::: Exercise data
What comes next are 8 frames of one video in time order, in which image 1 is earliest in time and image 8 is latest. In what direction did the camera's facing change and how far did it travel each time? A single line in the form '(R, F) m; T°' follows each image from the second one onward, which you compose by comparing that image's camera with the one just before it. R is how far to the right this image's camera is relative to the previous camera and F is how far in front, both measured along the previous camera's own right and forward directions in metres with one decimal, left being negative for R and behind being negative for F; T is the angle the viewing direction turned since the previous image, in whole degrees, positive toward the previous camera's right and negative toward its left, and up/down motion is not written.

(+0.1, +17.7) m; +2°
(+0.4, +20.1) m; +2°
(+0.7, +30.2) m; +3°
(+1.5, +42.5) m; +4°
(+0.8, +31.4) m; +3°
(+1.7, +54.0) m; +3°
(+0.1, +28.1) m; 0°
::::::
::: Exercise data
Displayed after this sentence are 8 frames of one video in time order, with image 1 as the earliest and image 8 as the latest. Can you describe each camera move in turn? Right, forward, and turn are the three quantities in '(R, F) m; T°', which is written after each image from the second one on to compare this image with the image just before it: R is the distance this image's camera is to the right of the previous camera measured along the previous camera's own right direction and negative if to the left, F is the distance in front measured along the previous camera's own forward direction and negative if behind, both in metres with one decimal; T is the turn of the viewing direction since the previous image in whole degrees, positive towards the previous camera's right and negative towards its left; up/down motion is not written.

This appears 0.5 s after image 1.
::::::
::: Exercise data
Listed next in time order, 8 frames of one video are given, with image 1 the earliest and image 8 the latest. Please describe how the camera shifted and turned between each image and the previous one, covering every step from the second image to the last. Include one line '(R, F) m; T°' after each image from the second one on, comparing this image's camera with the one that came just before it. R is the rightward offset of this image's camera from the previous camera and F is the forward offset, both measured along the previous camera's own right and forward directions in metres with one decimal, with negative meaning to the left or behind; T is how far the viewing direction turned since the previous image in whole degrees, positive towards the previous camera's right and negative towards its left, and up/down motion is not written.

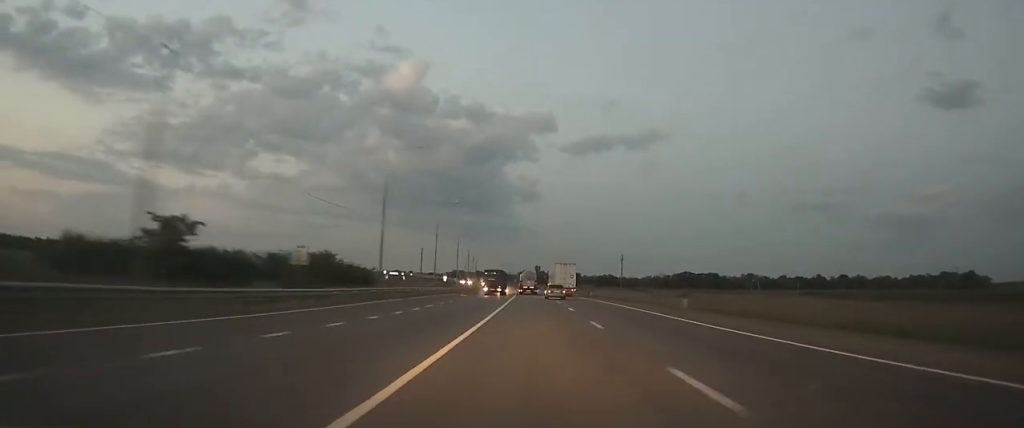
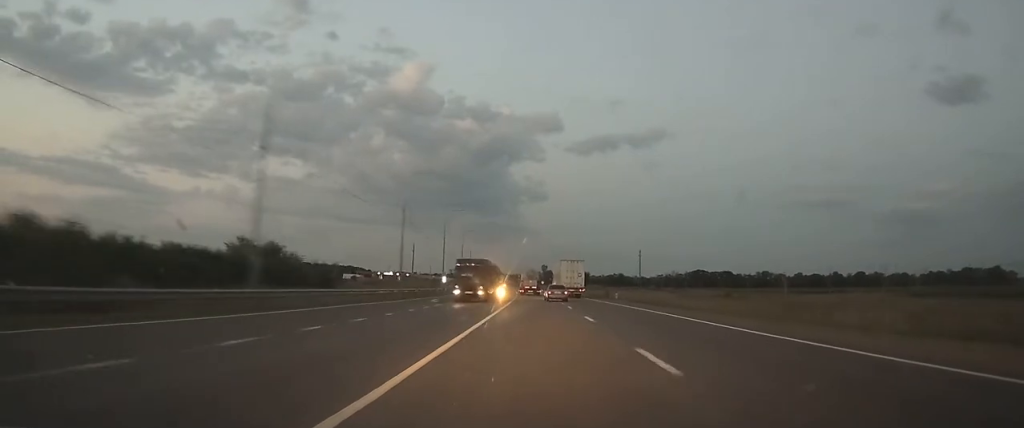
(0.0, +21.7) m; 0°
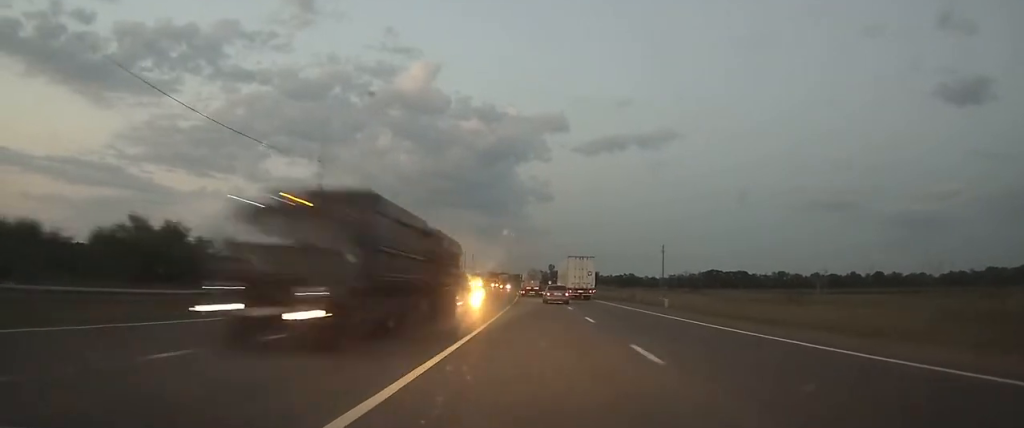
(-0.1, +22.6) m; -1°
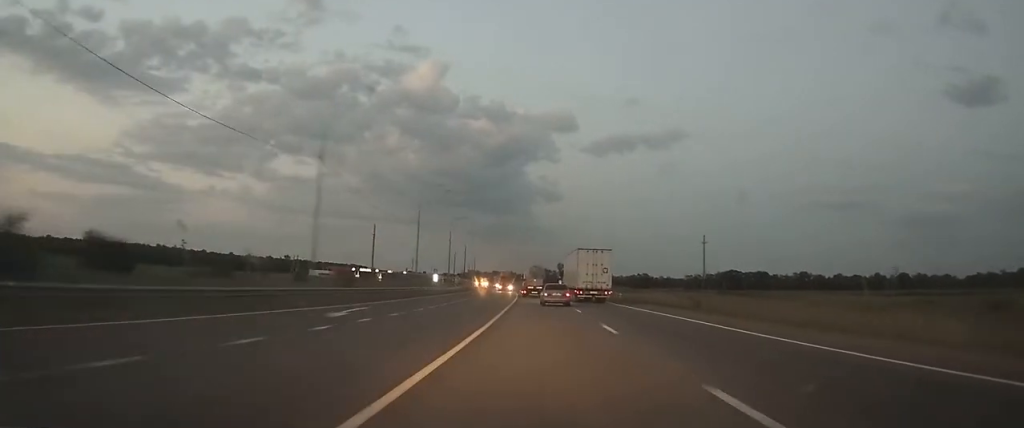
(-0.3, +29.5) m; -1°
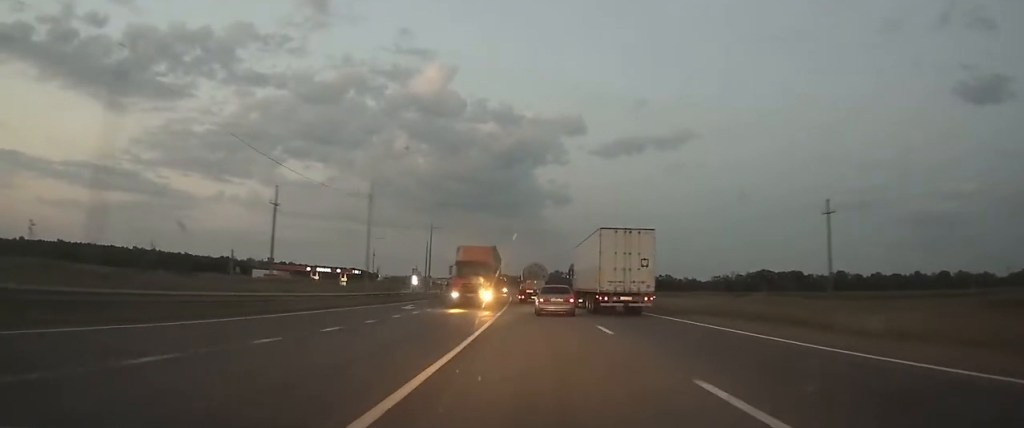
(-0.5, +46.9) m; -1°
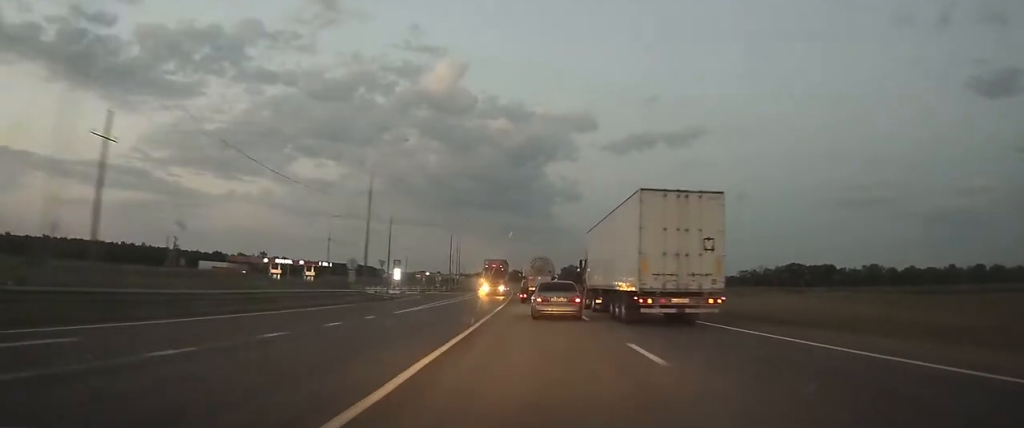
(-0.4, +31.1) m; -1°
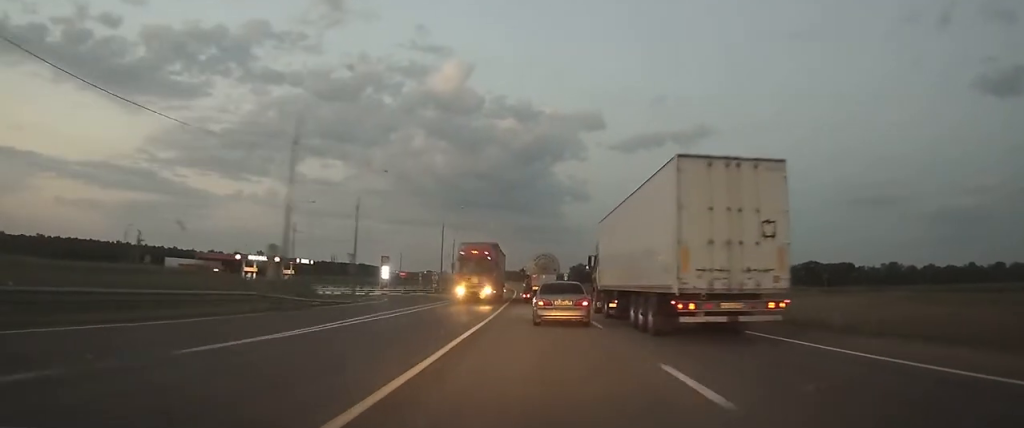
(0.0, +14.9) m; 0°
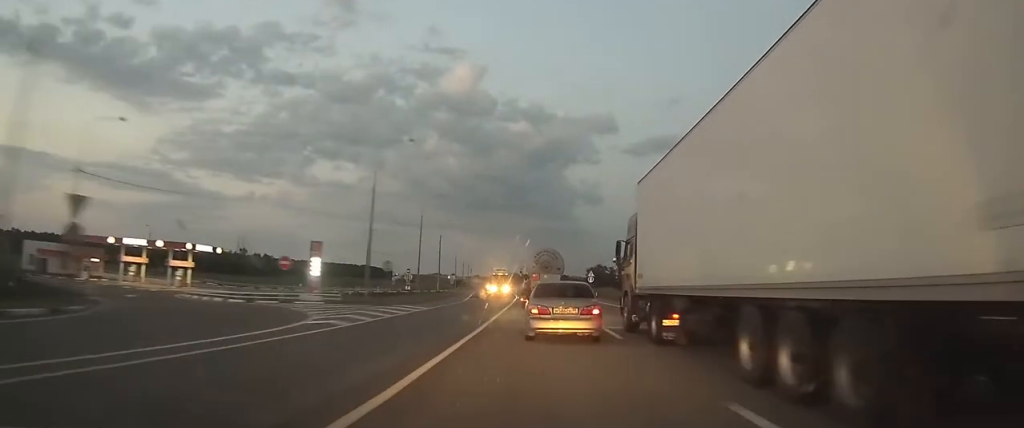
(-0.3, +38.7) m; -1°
::::::
Task objective:
From the data above, reproduce word for word the lines running from the line with "Displayed after this" to the line with "This appears 0.5 s after image 1.", ends included.

Finished exercise:
Displayed after this sentence are 8 frames of one video in time order, with image 1 as the earliest and image 8 as the latest. Can you describe each camera move in turn? Right, forward, and turn are the three quantities in '(R, F) m; T°', which is written after each image from the second one on to compare this image with the image just before it: R is the distance this image's camera is to the right of the previous camera measured along the previous camera's own right direction and negative if to the left, F is the distance in front measured along the previous camera's own forward direction and negative if behind, both in metres with one decimal; T is the turn of the viewing direction since the previous image in whole degrees, positive towards the previous camera's right and negative towards its left; up/down motion is not written.

This appears 0.5 s after image 1.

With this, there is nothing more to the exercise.